Personally, I know from my own experience, I approach intersections that I know have cameras with more caution than those without cameras. I know exactly which intersection it is and I consciously alter my driving habits. Not only am I aware of my own position but I’m also more attentive to those ahead who may suddenly slam on their brakes to avoid triggering the camera.


Public safety measure or scheme to generate revenue? That seems to be the heart of the controversial decision to install red-light cameras at several high collision intersections in Denver.


According to the Federal Highway Administration, there are 106,000 crashes a year in the US involving drivers who ran red lights with 1,000 fatalities and 89,000 injures. Drivers and passengers are injured in 45 percent of the collisions involving a driver who ran a red light.


Critics claim that increasing the length of the yellow light will decrease most red light runners, so cameras are unnecessary.  Some see the cameras as the next step in the “Big Brother” movement of invasion of privacy and loss of civil rights. And red-light cameras have been proven to cause more rear-end accidents according to the Federal Highway Administration.

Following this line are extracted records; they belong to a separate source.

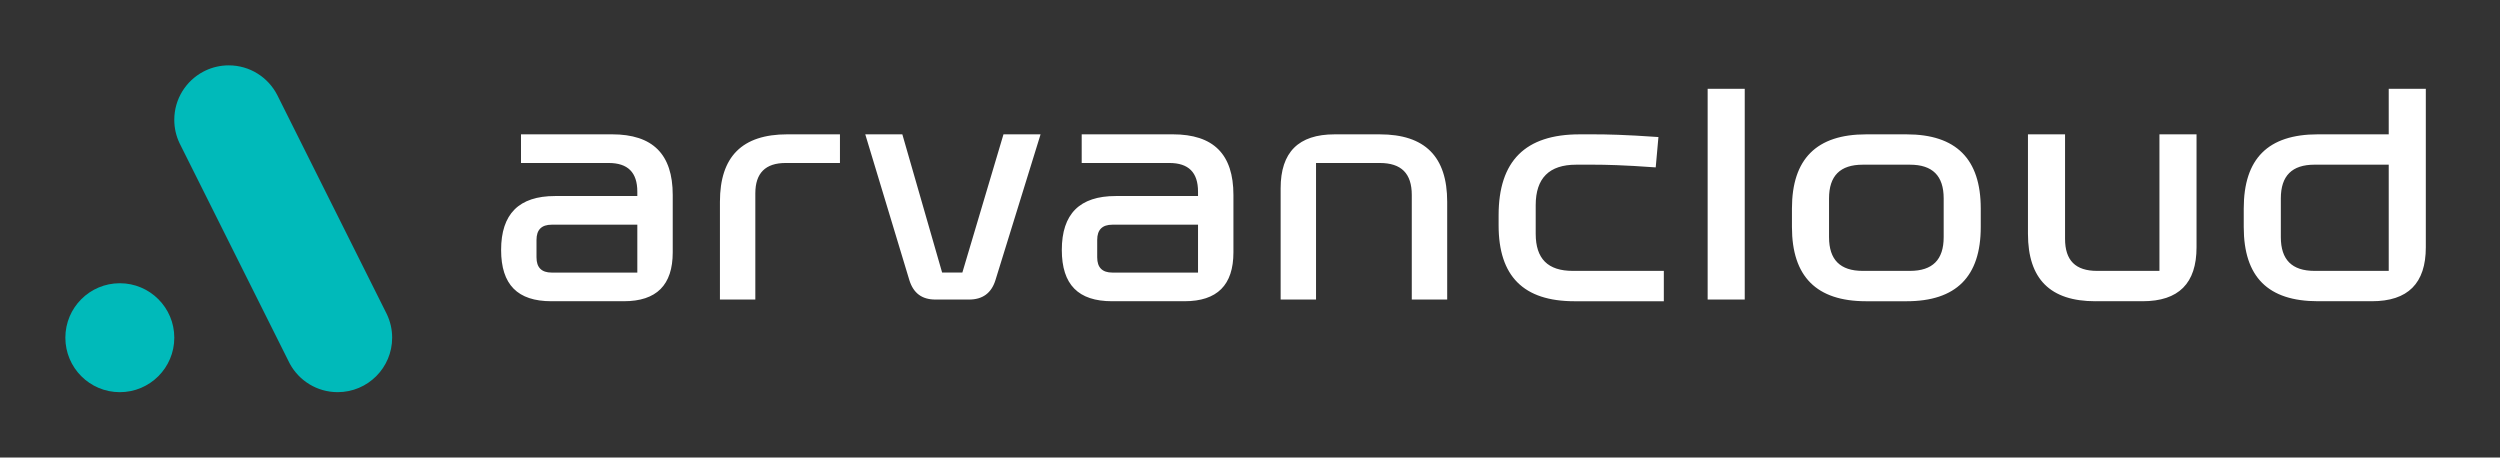 <svg width="153" height="28" viewBox="0 0 153 28" fill="none" xmlns="http://www.w3.org/2000/svg">
<rect x="0" y="0" width="153" height="28" fill="#333333" stroke="none"/>
<path d="M96.461 10.079C94.81 10.079 93.985 10.904 93.985 12.555V14.309C93.985 15.836 94.728 16.578 96.255 16.578H101.826V18.436H96.358C93.242 18.436 91.715 16.909 91.715 13.793V13.174C91.715 9.852 93.345 8.222 96.667 8.222H97.575C98.297 8.222 99.432 8.242 101.496 8.387L101.33 10.244C99.329 10.099 98.194 10.079 97.575 10.079H96.461ZM41.171 11.935C41.171 9.439 39.953 8.221 37.456 8.221H31.885V9.975H37.25C38.426 9.975 39.004 10.553 39.004 11.729V16.682H33.763C33.144 16.682 32.834 16.372 32.834 15.753V14.68C32.834 14.061 33.144 13.751 33.763 13.751H39.417V11.997H33.969C31.762 11.997 30.668 13.09 30.668 15.298C30.668 17.424 31.679 18.435 33.743 18.435H38.179C40.181 18.435 41.171 17.445 41.171 15.443V11.935H41.171ZM46.226 11.832C46.226 10.594 46.845 9.975 48.083 9.975H51.405V8.221H48.186C45.421 8.221 44.06 9.583 44.06 12.348V18.332H46.226V11.832ZM55.656 17.156C55.904 17.94 56.42 18.332 57.245 18.332H59.308C60.134 18.332 60.67 17.94 60.918 17.156L63.683 8.221H61.413L58.896 16.681H57.658L55.223 8.221H52.954L55.656 17.156ZM137.317 12.761C137.317 9.707 138.803 8.221 141.857 8.221H146.541V10.078H141.651C140.268 10.078 139.587 10.759 139.587 12.142V14.515C139.587 15.897 140.268 16.578 141.651 16.578H146.19V5.436H148.46V15.134C148.46 17.342 147.366 18.435 145.158 18.435H141.857C138.803 18.435 137.317 16.95 137.317 13.896V12.761H137.317ZM128.238 18.436C125.473 18.436 124.111 17.074 124.111 14.309V8.222H126.381V14.618C126.381 15.938 127.02 16.578 128.341 16.578H132.158V8.222H134.428V15.134C134.428 17.342 133.335 18.435 131.127 18.435H128.238V18.436ZM118.953 14.515C118.953 15.898 118.272 16.578 116.889 16.578H114C112.618 16.578 111.937 15.898 111.937 14.515V12.142C111.937 10.759 112.618 10.079 114 10.079H116.889C118.272 10.079 118.953 10.759 118.953 12.142V14.515ZM116.682 18.436C119.716 18.436 121.222 16.929 121.222 13.896V12.761C121.222 9.728 119.716 8.222 116.682 8.222H114.206C111.173 8.222 109.667 9.728 109.667 12.761V13.896C109.667 16.929 111.173 18.436 114.206 18.436H116.682ZM106.778 5.436H104.508V18.332H106.778V5.436ZM84.441 9.975C85.762 9.975 86.401 10.615 86.401 11.935V18.332H88.568V12.348C88.568 9.583 87.206 8.222 84.441 8.222H81.676C79.468 8.222 78.375 9.315 78.375 11.523V18.332H80.541V9.975H84.441ZM75.486 11.935C75.486 9.439 74.268 8.221 71.771 8.221H66.2V9.975H71.565C72.741 9.975 73.319 10.553 73.319 11.729V16.682H68.078C67.459 16.682 67.149 16.372 67.149 15.753V14.68C67.149 14.061 67.459 13.751 68.078 13.751H73.732V11.997H68.284C66.076 11.997 64.983 13.09 64.983 15.298C64.983 17.424 65.994 18.435 68.057 18.435H72.494C74.495 18.435 75.486 17.445 75.486 15.443V11.935Z" fill="white"/>
<path d="M16.964 5.808L17.004 5.888L23.671 19.221C23.881 19.658 24 20.149 24 20.667C24 22.508 22.508 24 20.666 24C19.4 24 18.3 23.295 17.735 22.256L17.728 22.242C17.697 22.186 17.67 22.129 17.643 22.072L17.642 22.07L11.052 8.892L11.049 8.885C11.03 8.85 11.012 8.814 10.995 8.778L10.989 8.765C10.782 8.331 10.666 7.846 10.666 7.334C10.666 6.055 11.385 4.946 12.44 4.387C12.485 4.363 12.53 4.34 12.576 4.319L12.58 4.317C13.011 4.114 13.492 4 14 4C15.291 4 16.411 4.735 16.964 5.808Z" fill="#00BABA"/>
<path d="M10.667 20.667C10.667 22.508 9.174 24.001 7.333 24.001C5.492 24.001 4 22.508 4 20.667C4 18.826 5.492 17.334 7.333 17.334C9.174 17.334 10.667 18.827 10.667 20.667Z" fill="#00BABA"/>
</svg>

Proponents cite research that cameras reduce red light runners by 40 percent and the most dangerous of crashes, the broadside or T-bone impact have been reduced by 25 percent.

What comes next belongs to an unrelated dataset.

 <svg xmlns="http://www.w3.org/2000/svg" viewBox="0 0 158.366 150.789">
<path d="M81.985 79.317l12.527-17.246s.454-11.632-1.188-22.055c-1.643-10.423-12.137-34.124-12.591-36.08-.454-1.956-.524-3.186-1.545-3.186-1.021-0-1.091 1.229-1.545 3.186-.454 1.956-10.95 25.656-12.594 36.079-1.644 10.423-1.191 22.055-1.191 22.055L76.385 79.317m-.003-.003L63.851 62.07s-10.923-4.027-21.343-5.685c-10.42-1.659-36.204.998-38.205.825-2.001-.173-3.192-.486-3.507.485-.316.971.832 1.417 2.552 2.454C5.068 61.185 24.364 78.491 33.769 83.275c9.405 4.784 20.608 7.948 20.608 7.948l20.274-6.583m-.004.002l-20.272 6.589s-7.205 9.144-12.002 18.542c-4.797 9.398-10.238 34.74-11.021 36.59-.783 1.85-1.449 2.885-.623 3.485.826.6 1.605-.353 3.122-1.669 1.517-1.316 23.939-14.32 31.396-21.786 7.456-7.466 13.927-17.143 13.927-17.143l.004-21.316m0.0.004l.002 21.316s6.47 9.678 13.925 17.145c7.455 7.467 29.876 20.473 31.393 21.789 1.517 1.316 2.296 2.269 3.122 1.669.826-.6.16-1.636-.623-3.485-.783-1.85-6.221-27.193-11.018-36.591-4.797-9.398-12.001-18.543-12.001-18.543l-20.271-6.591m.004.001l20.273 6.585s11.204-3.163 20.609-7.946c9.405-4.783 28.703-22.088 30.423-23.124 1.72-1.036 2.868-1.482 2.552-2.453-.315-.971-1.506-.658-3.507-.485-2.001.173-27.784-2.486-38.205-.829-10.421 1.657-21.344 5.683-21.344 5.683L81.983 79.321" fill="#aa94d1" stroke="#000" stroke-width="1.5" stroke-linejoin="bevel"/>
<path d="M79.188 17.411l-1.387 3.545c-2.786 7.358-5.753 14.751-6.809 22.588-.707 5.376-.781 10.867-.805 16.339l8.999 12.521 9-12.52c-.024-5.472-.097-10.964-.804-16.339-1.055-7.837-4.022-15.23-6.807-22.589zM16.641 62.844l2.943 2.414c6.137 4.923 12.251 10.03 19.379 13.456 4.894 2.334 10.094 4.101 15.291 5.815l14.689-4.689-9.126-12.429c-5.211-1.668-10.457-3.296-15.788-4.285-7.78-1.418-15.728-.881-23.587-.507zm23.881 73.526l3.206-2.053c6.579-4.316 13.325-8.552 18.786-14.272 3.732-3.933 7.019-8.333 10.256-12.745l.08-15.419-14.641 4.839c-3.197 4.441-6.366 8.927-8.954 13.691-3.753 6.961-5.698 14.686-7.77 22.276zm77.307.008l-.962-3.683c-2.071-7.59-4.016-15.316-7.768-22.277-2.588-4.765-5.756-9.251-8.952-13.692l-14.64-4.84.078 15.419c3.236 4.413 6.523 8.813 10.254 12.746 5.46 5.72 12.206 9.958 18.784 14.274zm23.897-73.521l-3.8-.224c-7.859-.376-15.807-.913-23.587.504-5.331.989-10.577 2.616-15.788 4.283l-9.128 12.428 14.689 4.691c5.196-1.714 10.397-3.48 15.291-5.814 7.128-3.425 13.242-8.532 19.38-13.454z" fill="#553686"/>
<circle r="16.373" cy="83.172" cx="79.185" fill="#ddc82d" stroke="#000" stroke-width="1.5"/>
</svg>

I believe that having the longer yellow lights have “trained” us in the mentality that in that “go or no-go moment”, we typically speed up to make it through the intersection. Maybe cameras at intersections would “re-train” us to approach intersections with more caution. Because now when we decide to go for it and beat that red light, we just might get caught.


The interesting thing about this debate is both sides have this all or nothing mentality. You either win this debate or you lose it. What about a compromise? Common sense dictates that if you increase the yellow light time you give drivers a better chance to make it through the intersection in that “go, no-go” moment and a camera would catch those of us who choose to go for it when we really should have stopped.


One last thing to consider…cameras at intersections also have the potential to eliminate the “he said, she said” situation at the scene of a car crash. The red-light cameras would provide photographic evidence on who was at fault in the accident. In my opinion, that in itself is worth risking a traffic ticket for running a red light.